MATERIAL TO PROCESS:
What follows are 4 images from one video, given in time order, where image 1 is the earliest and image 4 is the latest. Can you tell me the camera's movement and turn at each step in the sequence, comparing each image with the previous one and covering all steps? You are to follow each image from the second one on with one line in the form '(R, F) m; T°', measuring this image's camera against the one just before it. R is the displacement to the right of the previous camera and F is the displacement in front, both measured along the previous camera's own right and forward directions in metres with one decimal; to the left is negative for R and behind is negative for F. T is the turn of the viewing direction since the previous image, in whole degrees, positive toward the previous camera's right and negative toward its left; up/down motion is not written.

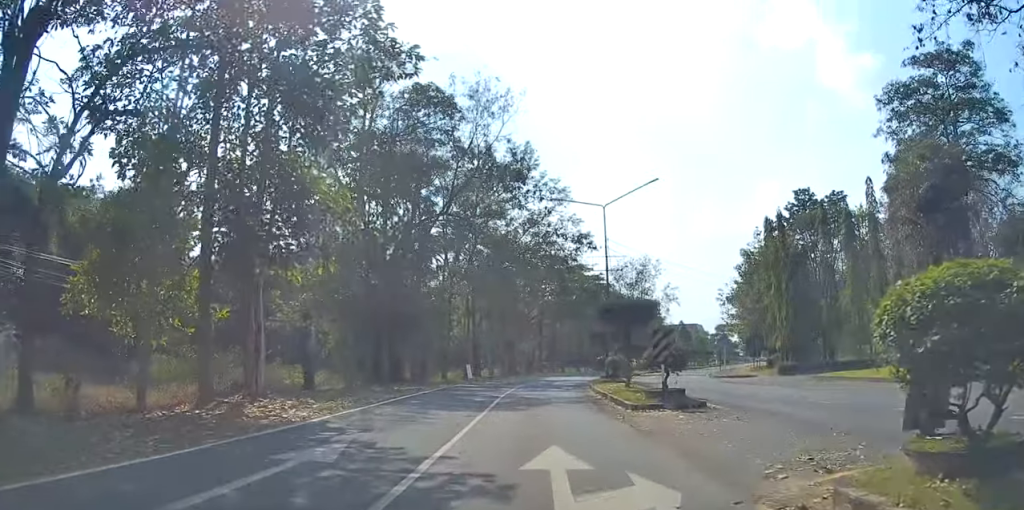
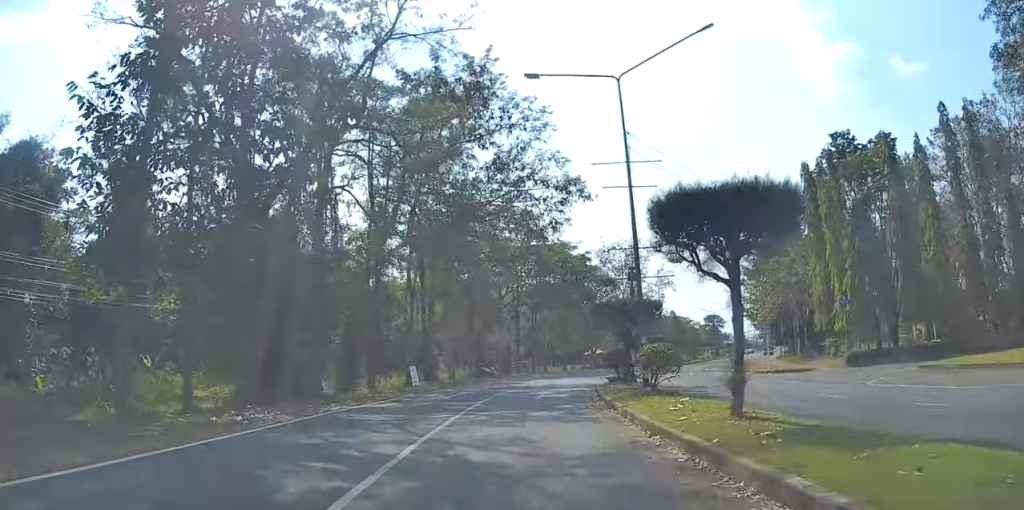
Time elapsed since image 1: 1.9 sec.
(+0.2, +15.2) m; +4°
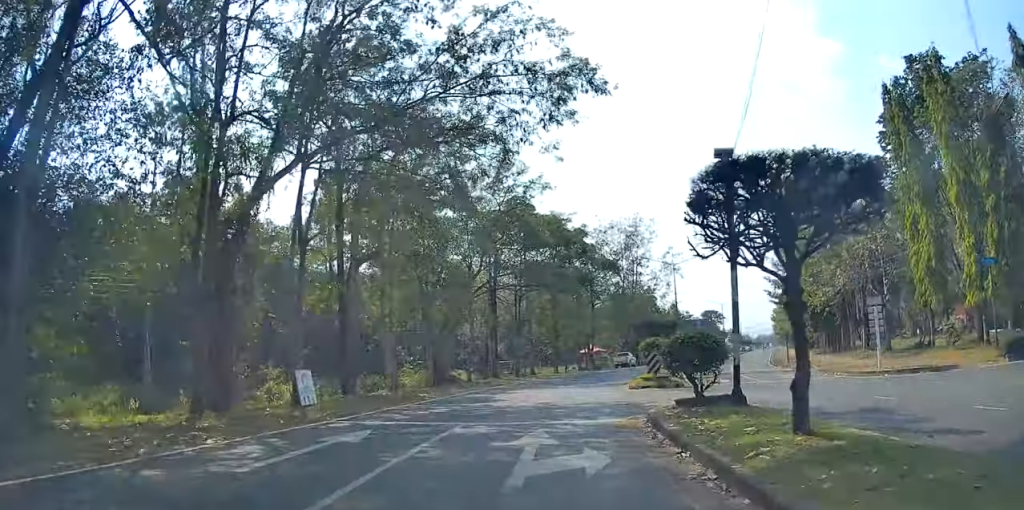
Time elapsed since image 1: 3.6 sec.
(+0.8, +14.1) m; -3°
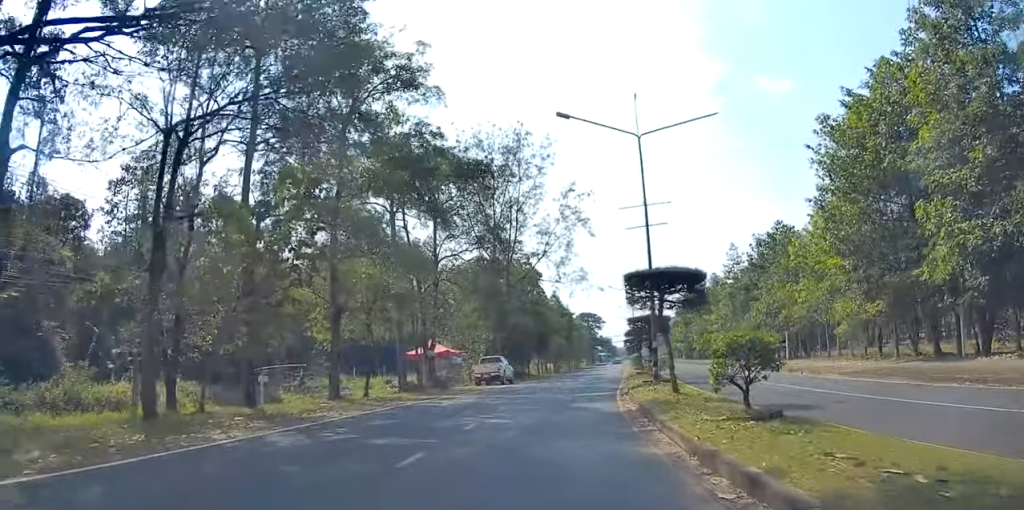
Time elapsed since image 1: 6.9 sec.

WORK ORDER:
Retype the data shown above exactly, excluding any picture it contains.

EXPECTED ANSWER:
What follows are 4 images from one video, given in time order, where image 1 is the earliest and image 4 is the latest. Can you tell me the camera's movement and turn at each step in the sequence, comparing each image with the previous one and covering all steps? You are to follow each image from the second one on with one line in the form '(R, F) m; T°', measuring this image's camera against the one just before it. R is the displacement to the right of the previous camera and F is the displacement in front, both measured along the previous camera's own right and forward directions in metres with one decimal; to the left is negative for R and behind is negative for F. T is the turn of the viewing direction since the previous image, in whole degrees, positive toward the previous camera's right and negative toward its left; up/down motion is not written.

Time elapsed since image 1: 1.9 sec.
(+0.2, +15.2) m; +4°
Time elapsed since image 1: 3.6 sec.
(+0.8, +14.1) m; -3°
Time elapsed since image 1: 6.9 sec.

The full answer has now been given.